Terlepas dari minimnya anggaran, Uso menyebut pentingnya komitmen pemerintah daerah untuk mengelola sampah. “Ada pemerintah daerah yang nilai anggarannya tinggi, tapi itu sangat bergantung dengan komitmen kepala daerahnya. Kalau komitmennya tinggi maka alokasi anggaran pengelolaan sampah itu relatif memadai daripada rata-rata,” imbuhnya.

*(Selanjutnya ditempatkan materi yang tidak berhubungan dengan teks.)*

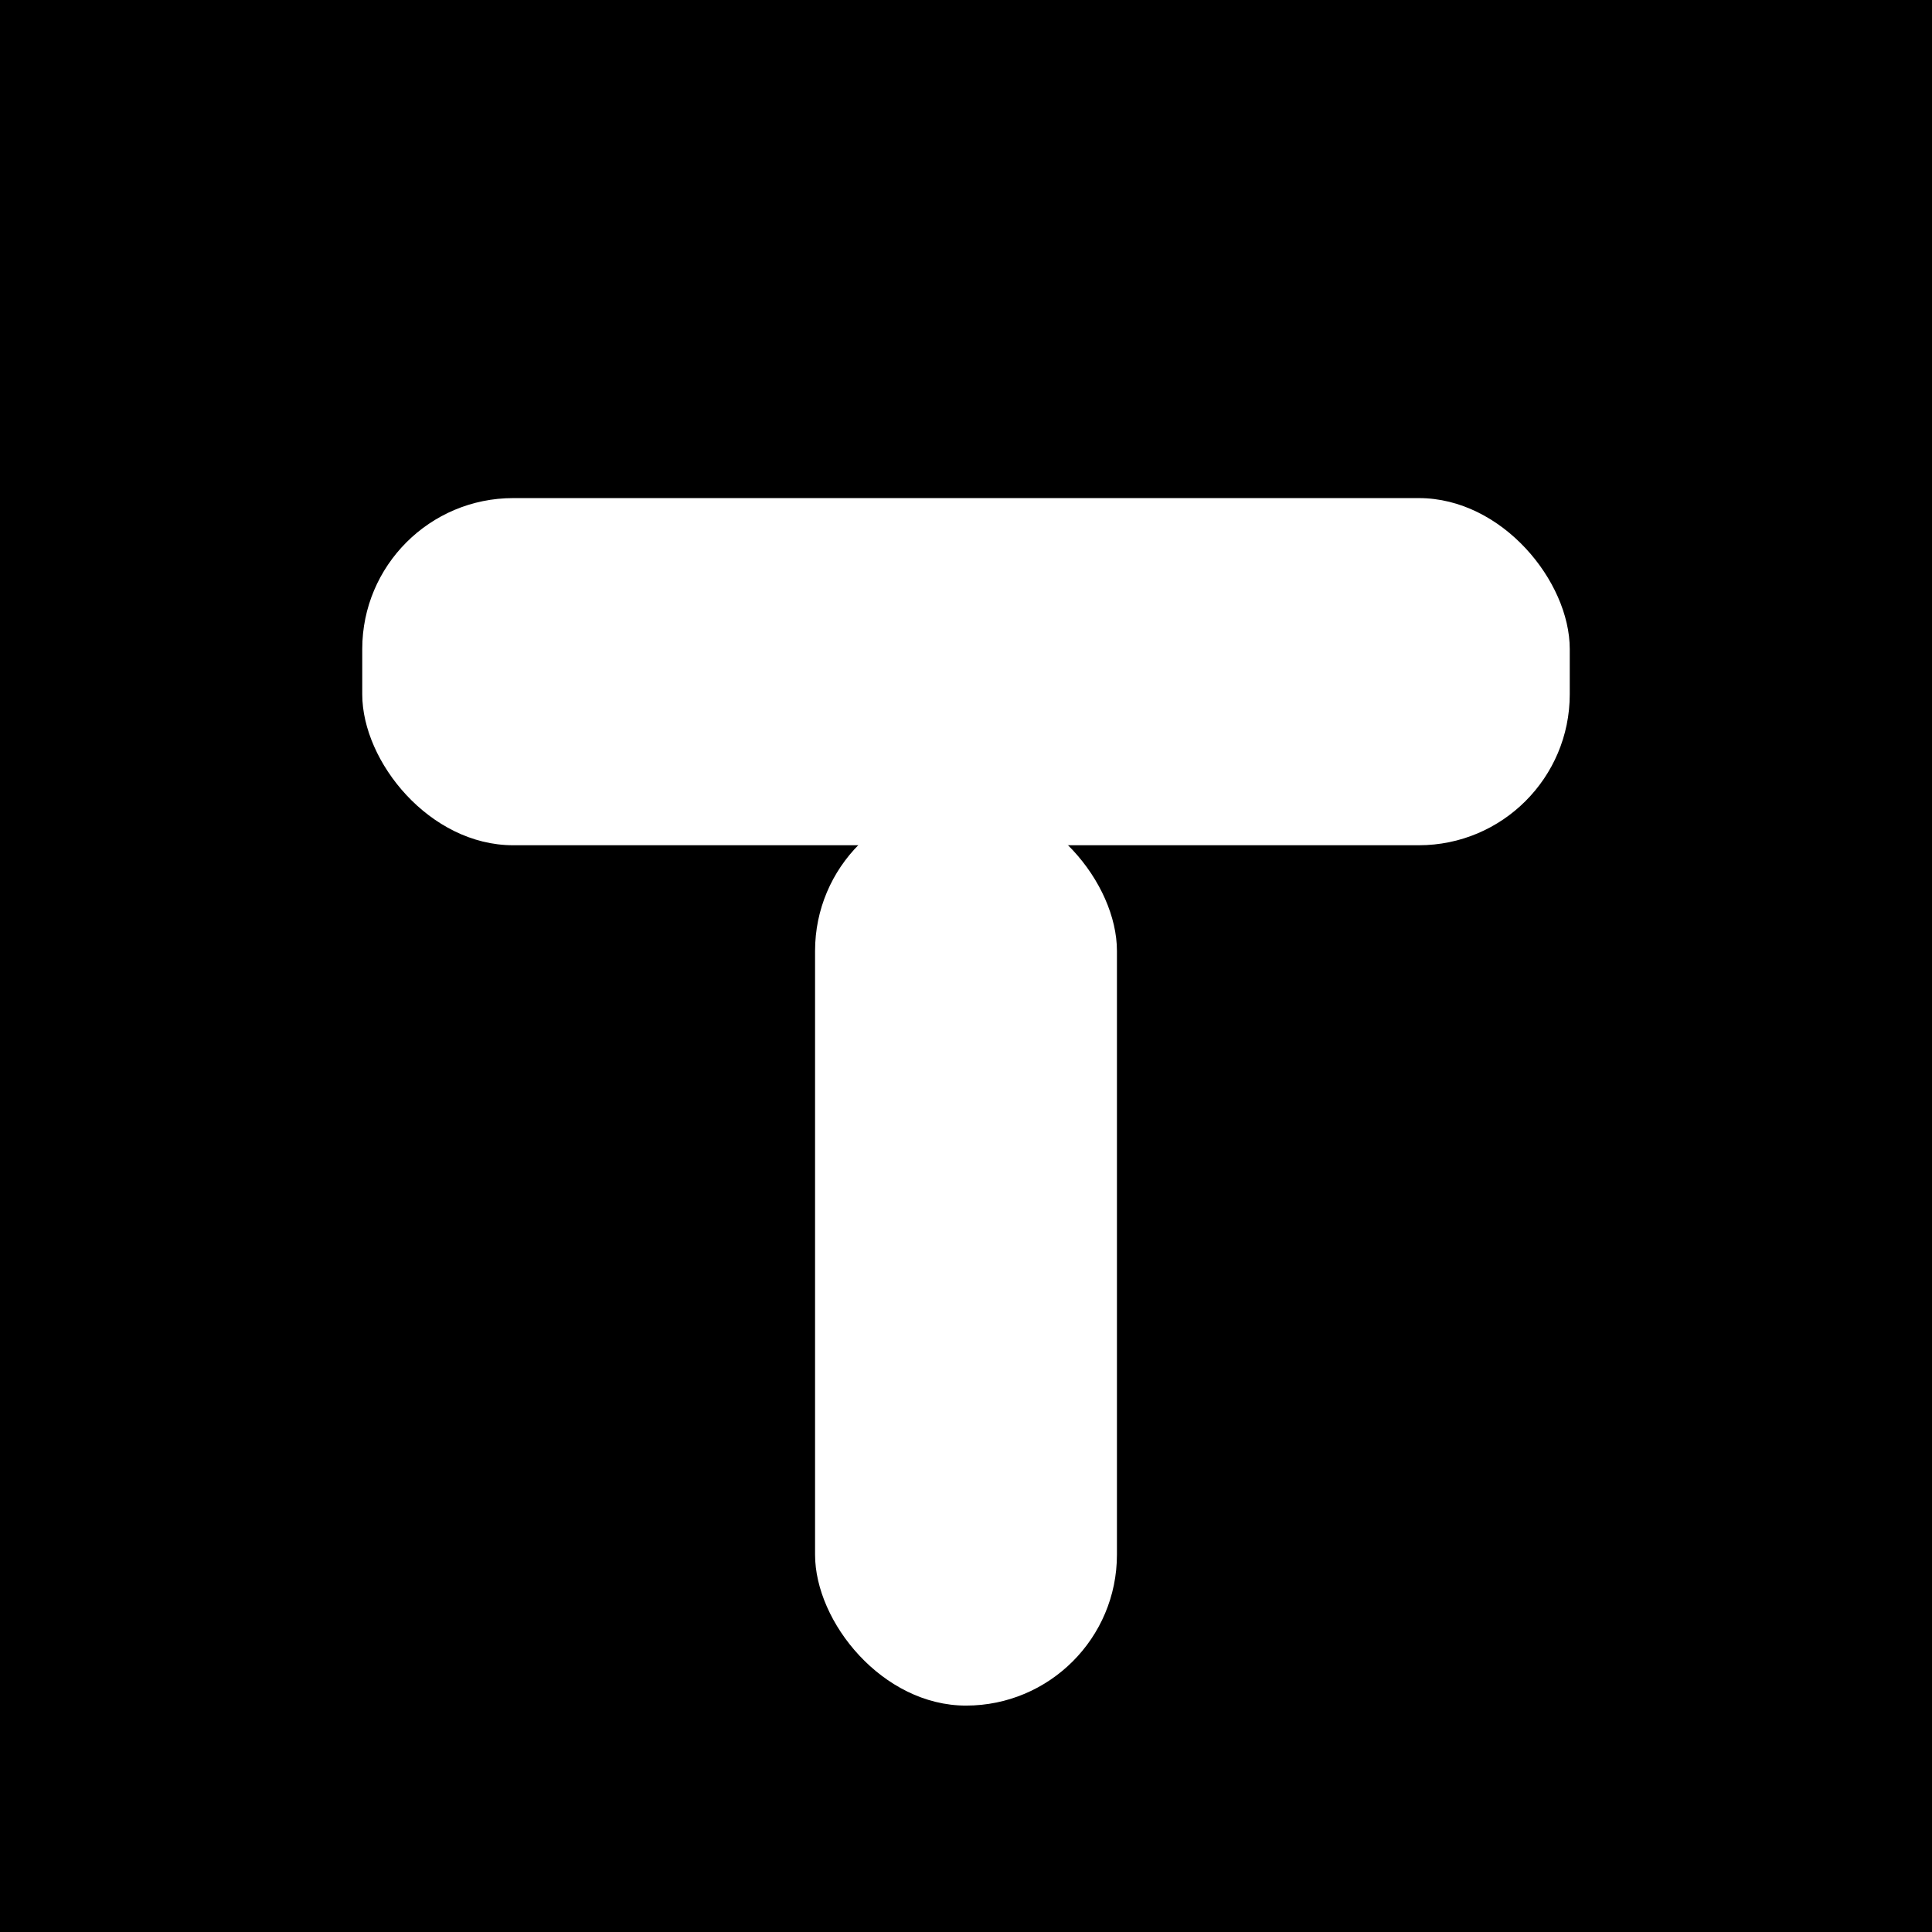 <?xml version="1.0" encoding="UTF-8"?>
<svg width="512" height="512" viewBox="0 0 512 512" xmlns="http://www.w3.org/2000/svg">
  <rect width="512" height="512" fill="#000"/>
  <rect x="96" y="132" rx="40" ry="40" width="320" height="92" fill="#fff"/>
  <rect x="216" y="212" rx="40" ry="40" width="80" height="240" fill="#fff"/>
</svg>
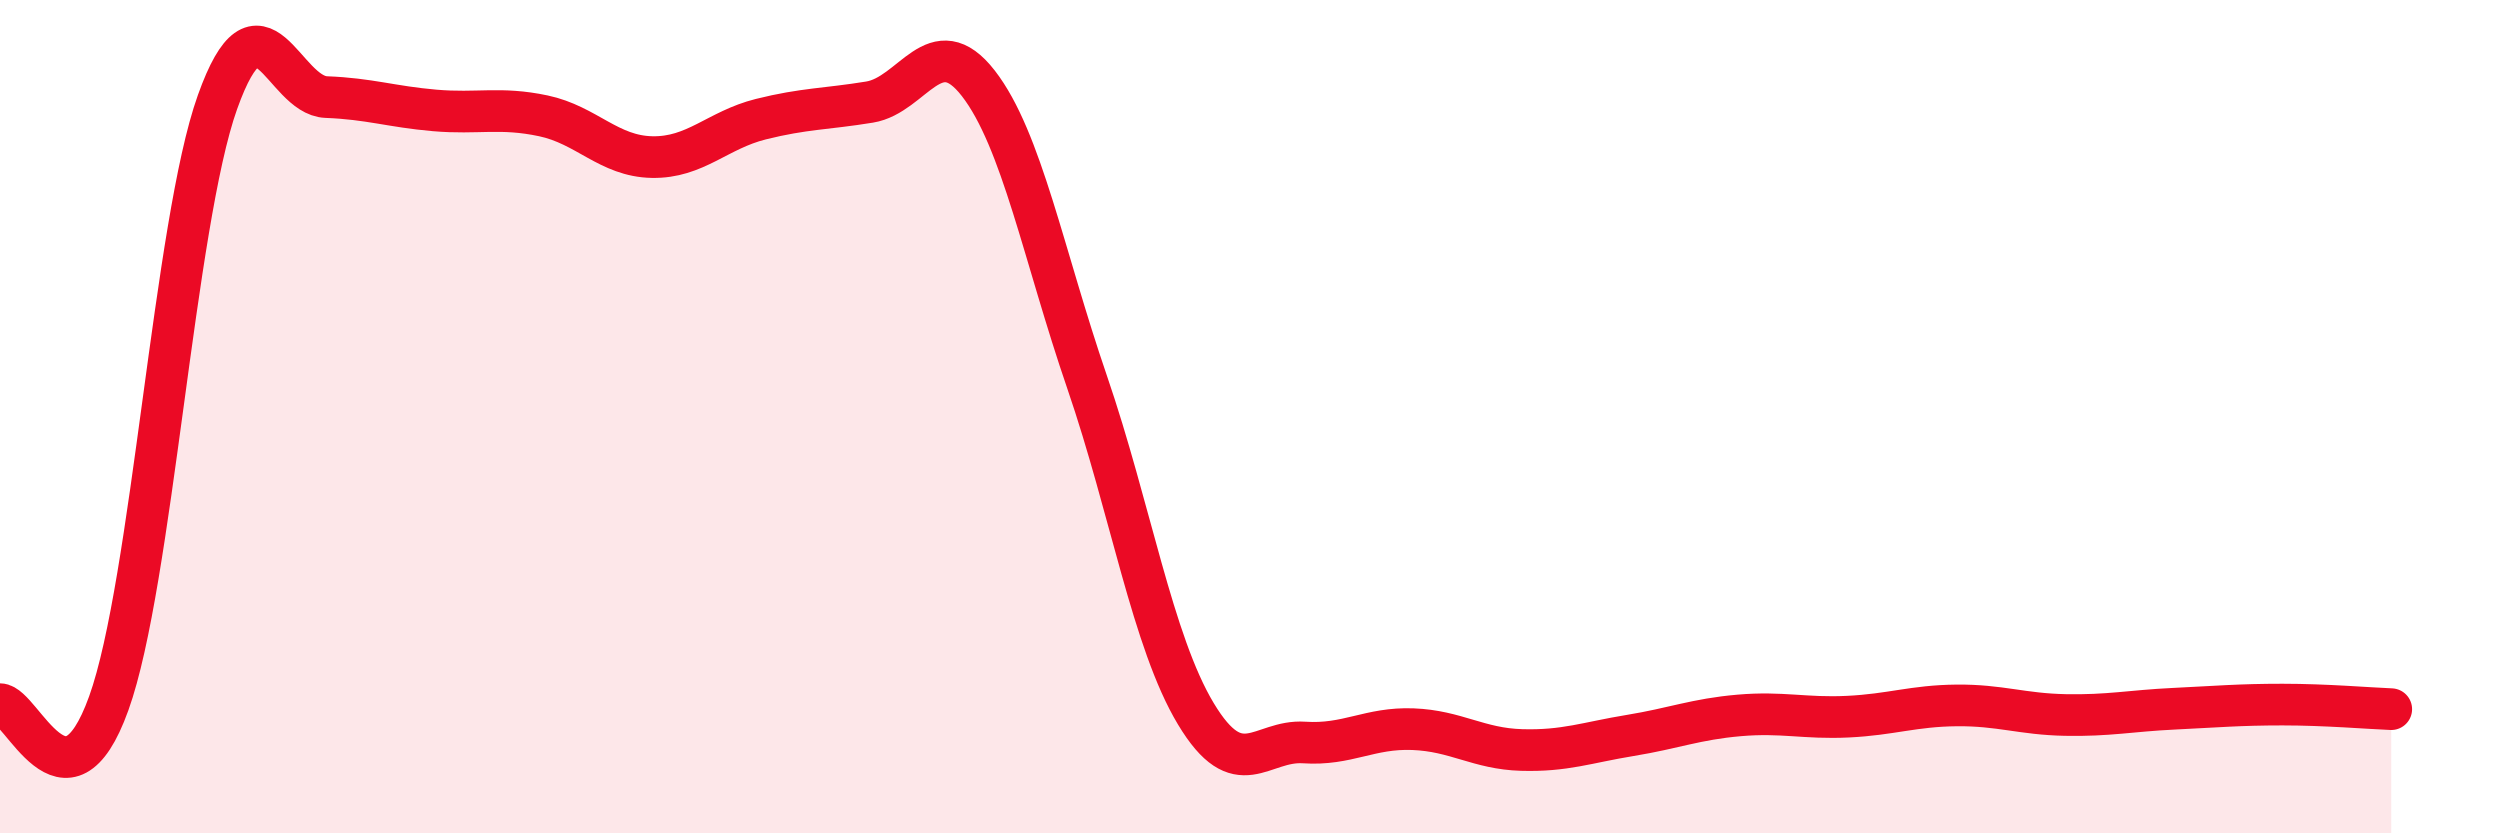 
    <svg width="60" height="20" viewBox="0 0 60 20" xmlns="http://www.w3.org/2000/svg">
      <path
        d="M 0,16.9 C 0.52,16.9 1.57,19.77 2.61,16.88 C 3.65,13.99 4.18,5.36 5.22,2.45 C 6.26,-0.46 6.79,2.29 7.83,2.33 C 8.87,2.37 9.39,2.56 10.43,2.65 C 11.47,2.74 12,2.56 13.04,2.78 C 14.08,3 14.61,3.75 15.65,3.77 C 16.69,3.79 17.22,3.12 18.26,2.86 C 19.3,2.6 19.83,2.62 20.87,2.45 C 21.91,2.28 22.44,0.66 23.48,2 C 24.52,3.34 25.05,6.14 26.09,9.17 C 27.13,12.2 27.66,15.4 28.7,17.13 C 29.74,18.86 30.26,17.75 31.3,17.82 C 32.34,17.89 32.87,17.46 33.91,17.5 C 34.95,17.54 35.48,17.97 36.52,18 C 37.56,18.03 38.09,17.82 39.13,17.65 C 40.17,17.48 40.7,17.26 41.74,17.17 C 42.78,17.08 43.31,17.25 44.35,17.2 C 45.39,17.15 45.92,16.94 46.96,16.93 C 48,16.92 48.53,17.14 49.57,17.16 C 50.61,17.18 51.13,17.06 52.17,17.01 C 53.21,16.96 53.74,16.91 54.78,16.91 C 55.82,16.91 56.87,17 57.39,17.02L57.39 20L0 20Z"
        fill="#EB0A25"
        opacity="0.1"
        stroke-linecap="round"
        stroke-linejoin="round"
      />
      <path
        d="M 0,16.9 C 0.52,16.9 1.57,19.77 2.61,16.88 C 3.65,13.99 4.18,5.36 5.22,2.45 C 6.26,-0.46 6.79,2.29 7.83,2.33 C 8.87,2.37 9.39,2.56 10.43,2.65 C 11.47,2.74 12,2.56 13.04,2.78 C 14.08,3 14.61,3.75 15.65,3.77 C 16.69,3.79 17.22,3.12 18.26,2.86 C 19.3,2.6 19.83,2.62 20.87,2.45 C 21.91,2.28 22.44,0.66 23.48,2 C 24.52,3.34 25.05,6.14 26.09,9.17 C 27.13,12.2 27.66,15.4 28.7,17.13 C 29.74,18.86 30.26,17.75 31.3,17.82 C 32.34,17.89 32.87,17.46 33.91,17.5 C 34.95,17.54 35.48,17.97 36.52,18 C 37.56,18.03 38.09,17.82 39.13,17.65 C 40.17,17.48 40.7,17.26 41.74,17.17 C 42.78,17.08 43.31,17.25 44.35,17.2 C 45.39,17.15 45.92,16.94 46.96,16.93 C 48,16.92 48.53,17.14 49.57,17.16 C 50.61,17.18 51.13,17.06 52.17,17.01 C 53.21,16.96 53.74,16.91 54.78,16.91 C 55.82,16.91 56.87,17 57.39,17.02"
        stroke="#EB0A25"
        stroke-width="1"
        fill="none"
        stroke-linecap="round"
        stroke-linejoin="round"
      />
    </svg>

Dalam hal ini, KLHK terus mendorong sejumlah instrumen agar kinerja pemda lebih baik, seperti pemberian penghargaan Adipura, instrumen pengawasan, hingga pemberian subsidi dan bantuan sarana prasarana agar kinerja pemda semakin baik.

Rekayasa Sosial Penting dalam Pengelolaan Sampah

Uso juga menyebut pentingnya aspek rekayasa sosial untuk mengoptimalkan pengelolaan sampah. Sekitar 60 % keberhasilan pengelolaan sampah berasal dari aspek rekayasa sosial ini. Bahkan lebih penting daripada rekayasa yang sifatnya teknologi.

“Itulah kenapa rekayasa sosial dengan melibatkan peneliti, akademisi, pemerintah daerah, hingga kolaborasi bersama komunitas peduli lingkungan dan organisasi agama itu penting,” kata dia.

Seminar Kolaborasi Pemerintah Daerah, Komunitas dan Pemberdayaan Masyarakat dalam Pengurangan Sampah. Foto: Greeners/Ramadani Wahyu

Optimalisasi Sirkular Ekonomi

Salah satu upaya untuk mendorong pengelolaan sampah dilakukan lewat program PHINLA. Program global ini datang dari pemerintah Jerman yang melibatkan tiga negara lain yakni Filipina, Indonesia, dan Srilanka. Tujuannya, mengembangkan mata pencaharian bagi penduduk yang terkena dampak kemiskinan melalui sistem pengelolaan sampah multi-sektoral.

Koordinator Advokasi PHINLA Marcell Sinay mengatakan, PHINLA mewujudkan kolaborasi antar berbagai sektor, termasuk masyarakat dengan bank sampah. “Kita sadar bahwa pengelolaan sampah tak bisa satu pihak saja, maka kolaborasi ini sangat penting,” ujar dia.

Saat ini, program ini diimplementasikan di Jakarta dengan melibatkan sebanyak empat kelurahan dan dua kecamatan di Jakarta Utara dan Jakarta Timur.

Program yang telah tiga tahun ini menghasilkan progres yang signifikan. Hal ini terbukti dengan semakin banyaknya warga yang aktif memilah sampah. Bahkan, jumlah nasabah bank sampah meningkat selama tiga tahun program ini berjalan di sejumlah wilayah di DKI Jakarta.

Progres Signifikan

Selama kurang lebih tiga tahun, PHINLA telah berhasil meningkatkan jumlah warga yang melakukan pemilahan sampah dan bergabung menjadi nasabah bank sampah. Dari 822 nasabah di pertengahan tahun 2021, bertambah menjadi total 1.834 nasabah pada akhir tahun 2022.

Direktur Eksekutif Divers Clean Action (DCA) Swietenia Puspa Lestari mengutarakan keberhasilan PHINLA tidak lepas dari peran serta masyarakat dalam menggerakkan komunitas di sekitarnya. Mereka dapat ikut serta dalam usaha pengelolaan sampah dari tingkat rumah tangga.